트랜잭션에 따라 변경할 청크 데이터들에 대한 변경 로그를 로그 DB에 저장한다(S240). 데이터 노드는 트랜잭션에 관한 정보를 수신한 경우, 트랜잭션에 관한 정보에 따라 변경할 청크 데이터들에 대하여 변경 로그를 생성하고, 이를 로그 DB에 저장한다. 트랜잭션에 관한 정보를 수신할 때마다 데이터 노드에 저장된 데이터를 수정하는 것은 곤란하기 때문에, 이들에 관한 변경 로그를 생성하고 이를 저장한다.The change log for the chunk data to be changed according to the transaction is stored in the log DB (S240). When the data node receives the information about the transaction, it generates a change log for the chunk data to be changed according to the information about the transaction, and stores the change log in the log DB. Since it is difficult to modify the data stored in the data nodes every time information about the transaction is received, a change log is generated for them and stored.

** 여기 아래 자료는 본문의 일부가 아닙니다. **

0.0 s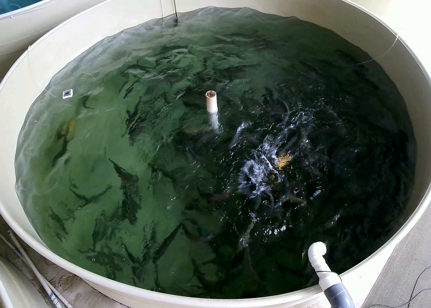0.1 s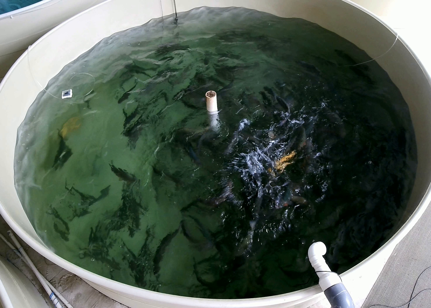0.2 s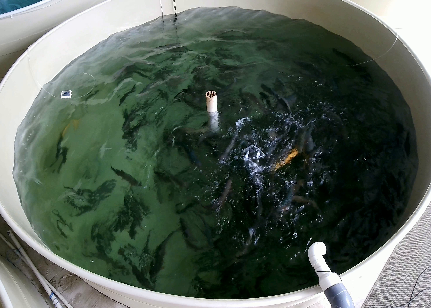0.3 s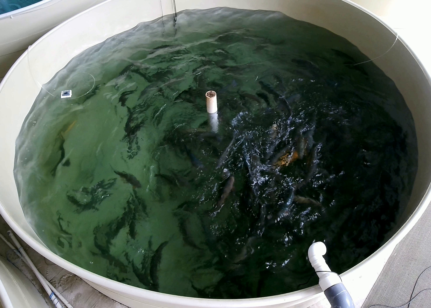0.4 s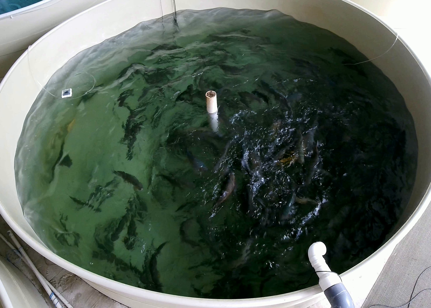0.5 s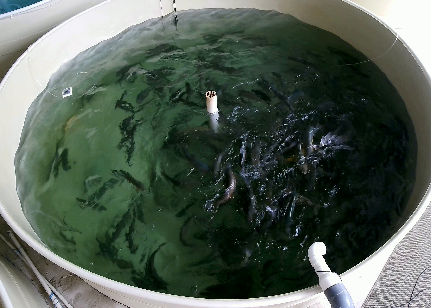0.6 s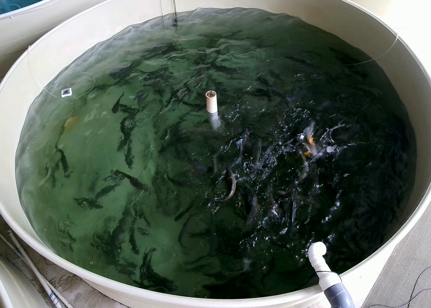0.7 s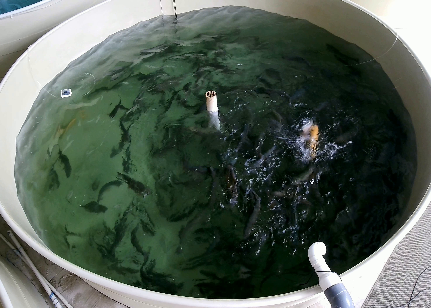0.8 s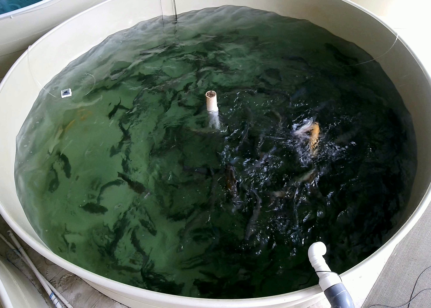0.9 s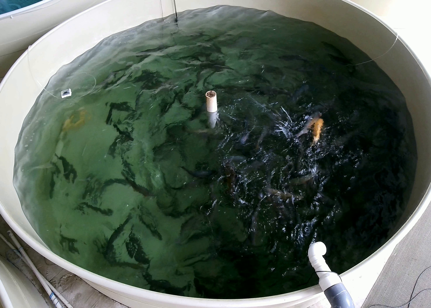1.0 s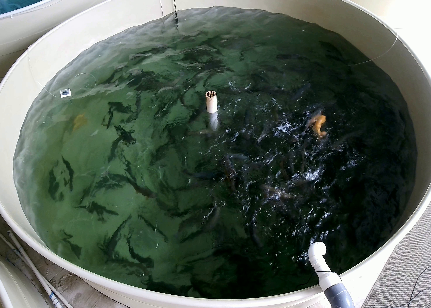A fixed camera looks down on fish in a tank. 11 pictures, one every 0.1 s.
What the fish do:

커밋 여부를 네임 노드(마스터)에 통지한다(S250). 트랜잭션에 따라 변경할 청크 데이터들에 대하여 변경 로그를 생성하고 이를 로그 DB에 저장한 경우, 로그 DB는 커밋 정보(로그 DB로 변경 로그를 저장을 완료하였음을 나타내는 정보)를 데이터 노드로 통지를 하고 데이터 노드는 이를 네임 노드(마스터)로 통지를 한다.And informs the name node (master) whether or not to commit (S250). When a change log is created for chunk data to be changed according to a transaction and the change log is stored in the log DB, the log DB notifies the data node of the commit information (information indicating that the change log has been stored in the log DB) The node notifies it to the name node (master).

트랜잭션과 관련된 데이터 노드로부터 커밋 정보를 통지받은 경우, 커밋을 승인하고 락을 해제한다(S260). 네임 노드(마스터)가 데이터 노드로부터 커밋 정보를 통지받은 경우, 이미 로그 DB에 청크 데이터들에 대한 변경 로그가 저장된 상태이기 때문에, 데이터 노드가 통시한 커밋 여부에 대하 커밋을 승인하고, 메타 데이터 DB는 락을 해제한다. If the commit information is notified from the data node associated with the transaction, the commit is accepted and the lock is released (S260). Since the change log for the chunk data is already stored in the log DB when the name node (master) is notified of the commit information from the data node, the commit is approved for whether or not the data node has committed the commit, Releases the lock.

도 3은 본 발명의 다른 일 실시예에 따른 대용량 분산파일 시스템에서 데이터의 수정이 존재하는지 여부를 조회하기 위한 방법을 예시한 순서도이다.FIG. 3 is a flowchart illustrating a method for inquiring whether data modification is present in a large capacity distributed file system according to another embodiment of the present invention.

클라이언트로부터 데이터 조회에 관한 질의를 수신한다(S310). 클라이언트로부터 네임 노드(마스터)가 데이터 조회에 관한 질의를 수신한다. 데이터 조회에 관한 질의는 데이터 수정 등을 포함하는 트랜잭션이 아닌 데이터 노드에 저장된 데이터 및 저장된 데이터에 수정이 되었는지 여부를 확인하기 위한 질의에 해당한다. A query regarding data inquiry from the client is received (S310). From the client, the name node (master) receives a query about data retrieval. The query about the data query corresponds to a query to check whether the data stored in the data node and the stored data are modified, not the transaction including data modification and the like.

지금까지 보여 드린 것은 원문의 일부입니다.